| EXCERPTED RECORDS |
*****

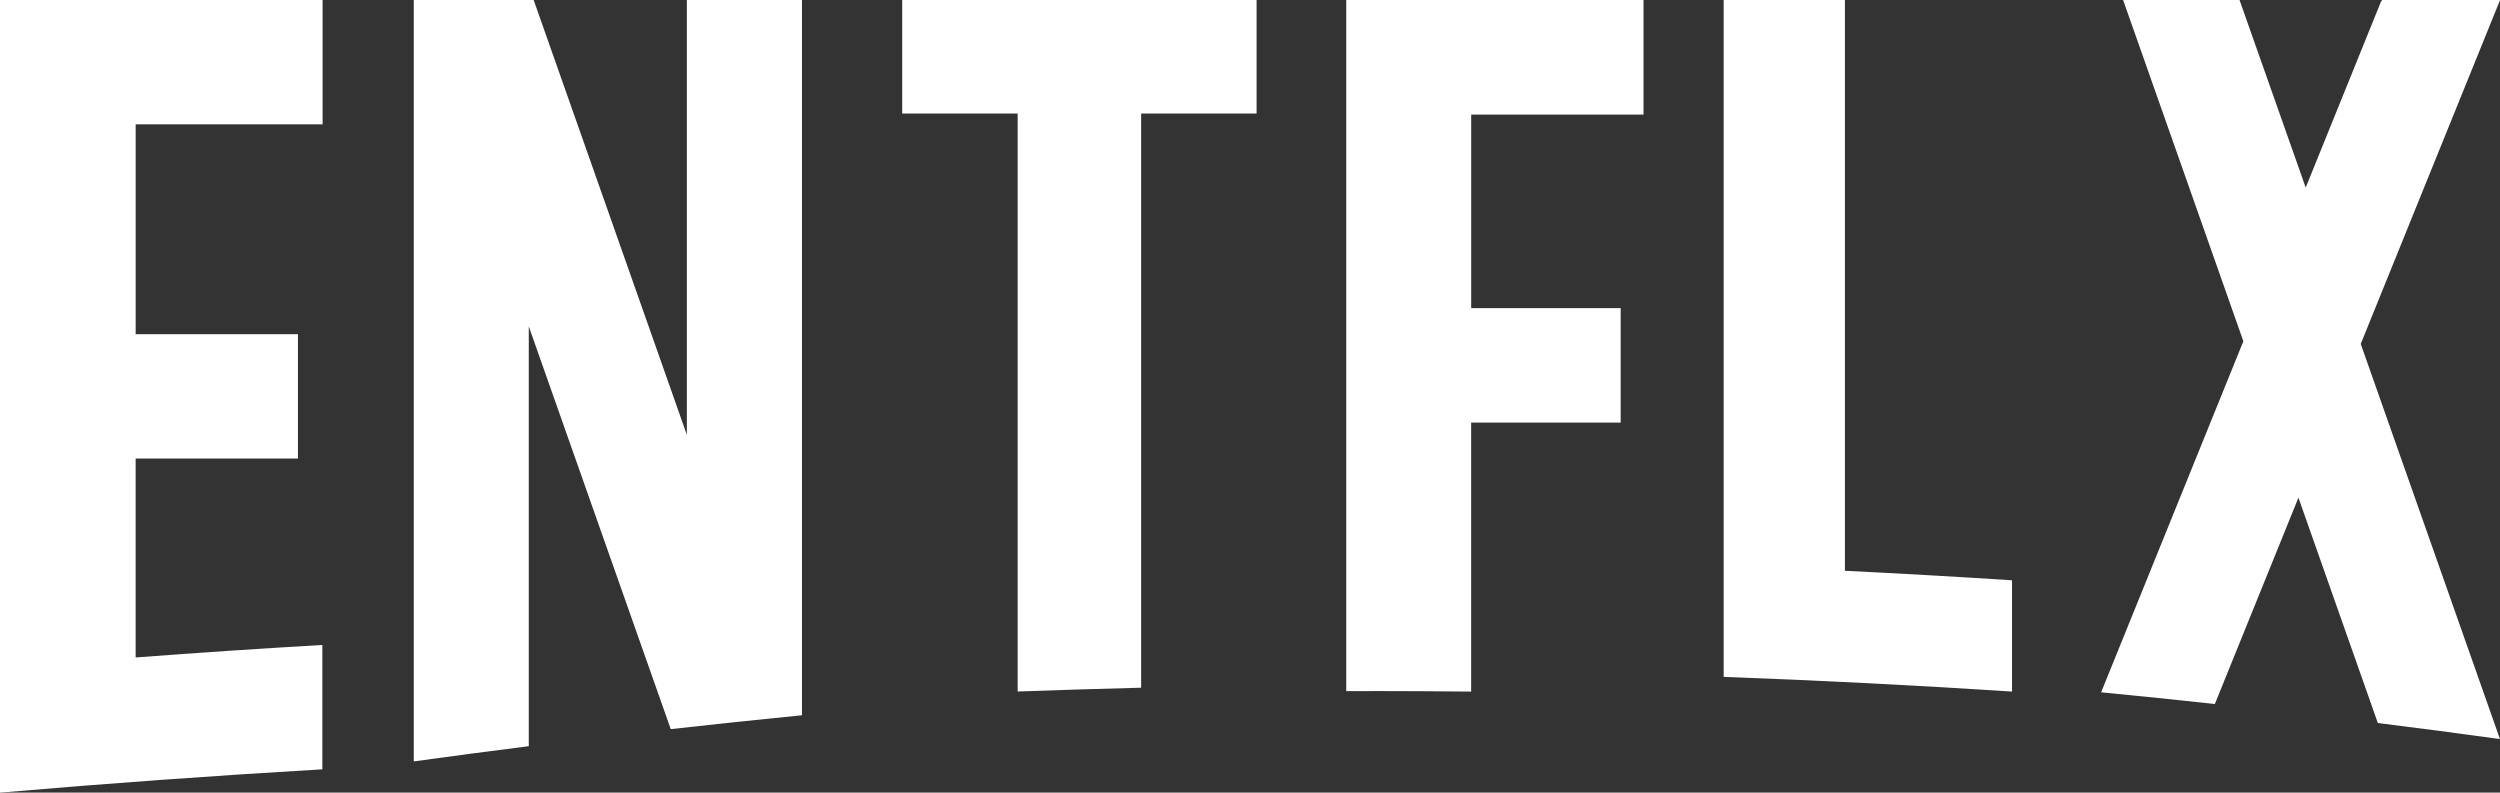 <svg xmlns="http://www.w3.org/2000/svg" width="131.597" height="41.723" viewBox="0 0 131.597 41.723">
  <rect x="0" y="0" width="131.597" height="41.723" fill="#333333" stroke="none"/>
  <g id="Group_1675" data-name="Group 1675" transform="translate(0)">
    <g id="netflix-2_1_" data-name="netflix-2 (1)" transform="translate(47.491 0)">
      <path id="Path_6" data-name="Path 6" d="M47.511,36.4q3.248-.117,6.5-.2V5.978h6.077V0H41.434V5.978h6.077V36.4Z" transform="translate(-41.434)" fill="#fff"/>
    </g>
    <g id="netflix-2_1_2" data-name="netflix-2 (1)" transform="translate(0 0)">
      <path id="Path_6-2" data-name="Path 6" d="M40.314,6.545V0H23.333V41.723q8.474-.73,16.968-1.227V33.95q-4.924.286-9.828.658V24.137h8.543V17.592H30.474V6.545Z" transform="translate(-23.333)" fill="#fff"/>
    </g>
    <g id="netflix-2_1_3" data-name="netflix-2 (1)" transform="translate(70.865 0)">
      <path id="Path_6-3" data-name="Path 6" d="M63.474,36.376c1.771,0,3.538.013,5.3.028V22.246h7.871V16.218H68.777V6.033h9.071V0H62.2V36.381c.425,0,.85-.006,1.279,0" transform="translate(-62.2)" fill="#fff"/>
    </g>
    <path id="Path_6-4" data-name="Path 6" d="M86.75,30.051V0H80.368V35.63q7.615.28,15.178.773V30.546q-4.387-.284-8.792-.5" transform="translate(10.364 0)" fill="#fff"/>
    <path id="Path_6-5" data-name="Path 6" d="M107.9,36.441q3,.291,5.986.617l4.4-10.861,4.18,11.862q3.217.4,6.428.845l-7.329-20.8L128.9,0h-6.208l-.062.089-3.961,9.784L115.185,0h-6.128l6.33,17.963Z" transform="translate(2.701 0)" fill="#fff"/>
    <g id="netflix-2_1_4" data-name="netflix-2 (1)" transform="translate(21.78 0)">
      <path id="Path_6-6" data-name="Path 6" d="M6.054,39.28V17.18l7.473,21.2q3.448-.387,6.908-.73V0h-6.06V22.888L6.311,0H0V40.074H.037q3-.415,6.016-.795" fill="#fff"/>
    </g>
  </g>
</svg>

*****

| TASK DESCRIPTION |
Quote the data exactly, leaving every image out of the copy.

| WRITTEN REPLY |
 <svg xmlns="http://www.w3.org/2000/svg" width="131.597" height="41.723" viewBox="0 0 131.597 41.723">
  <rect x="0" y="0" width="131.597" height="41.723" fill="#333333" stroke="none"/>
  <g id="Group_1675" data-name="Group 1675" transform="translate(0)">
    <g id="netflix-2_1_" data-name="netflix-2 (1)" transform="translate(47.491 0)">
      <path id="Path_6" data-name="Path 6" d="M47.511,36.4q3.248-.117,6.5-.2V5.978h6.077V0H41.434V5.978h6.077V36.4Z" transform="translate(-41.434)" fill="#fff"/>
    </g>
    <g id="netflix-2_1_2" data-name="netflix-2 (1)" transform="translate(0 0)">
      <path id="Path_6-2" data-name="Path 6" d="M40.314,6.545V0H23.333V41.723q8.474-.73,16.968-1.227V33.95q-4.924.286-9.828.658V24.137h8.543V17.592H30.474V6.545Z" transform="translate(-23.333)" fill="#fff"/>
    </g>
    <g id="netflix-2_1_3" data-name="netflix-2 (1)" transform="translate(70.865 0)">
      <path id="Path_6-3" data-name="Path 6" d="M63.474,36.376c1.771,0,3.538.013,5.3.028V22.246h7.871V16.218H68.777V6.033h9.071V0H62.2V36.381c.425,0,.85-.006,1.279,0" transform="translate(-62.2)" fill="#fff"/>
    </g>
    <path id="Path_6-4" data-name="Path 6" d="M86.75,30.051V0H80.368V35.63q7.615.28,15.178.773V30.546q-4.387-.284-8.792-.5" transform="translate(10.364 0)" fill="#fff"/>
    <path id="Path_6-5" data-name="Path 6" d="M107.9,36.441q3,.291,5.986.617l4.4-10.861,4.18,11.862q3.217.4,6.428.845l-7.329-20.8L128.9,0h-6.208l-.062.089-3.961,9.784L115.185,0h-6.128l6.33,17.963Z" transform="translate(2.701 0)" fill="#fff"/>
    <g id="netflix-2_1_4" data-name="netflix-2 (1)" transform="translate(21.78 0)">
      <path id="Path_6-6" data-name="Path 6" d="M6.054,39.28V17.18l7.473,21.2q3.448-.387,6.908-.73V0h-6.06V22.888L6.311,0H0V40.074H.037q3-.415,6.016-.795" fill="#fff"/>
    </g>
  </g>
</svg>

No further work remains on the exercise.